━━ AVAILABLE DATA
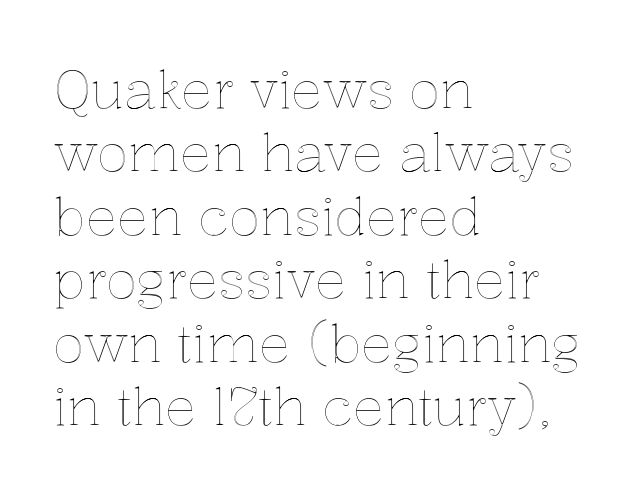
The image shows 52 px text type, upright; set left-aligned, line spacing 1.22x, normal letter spacing, not underlined; a medium x-height.
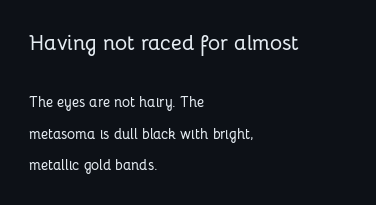
The image shows 21 px text type, upright; set left-aligned, loose line spacing (2.25x), normal letter spacing, not underlined; the first (top) block is 1.5x larger.
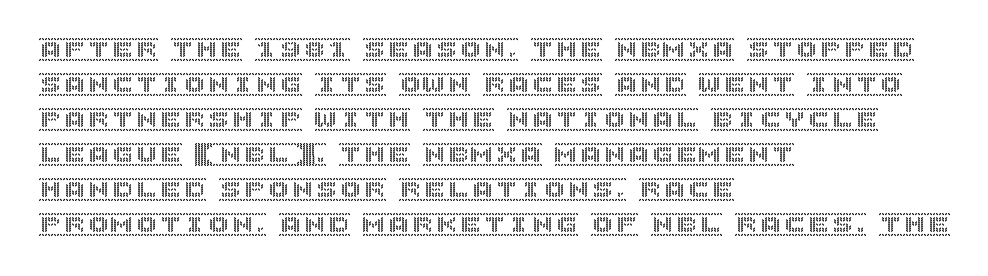
Style check: upright. The designer left line spacing at the default. Casual observation: everything's shoved over to the left. Tracking here is standard; glyphs follow each other at the usual distance. The foot of each line stays bare and open.
━━━━
* EXERCISE GOAL: Pull every line containing "type" out of the data above.

* TASK RESULT:
The image shows 52 px text type, upright; set left-aligned, line spacing 1.22x, normal letter spacing, not underlined; a medium x-height.
The image shows 21 px text type, upright; set left-aligned, loose line spacing (2.25x), normal letter spacing, not underlined; the first (top) block is 1.5x larger.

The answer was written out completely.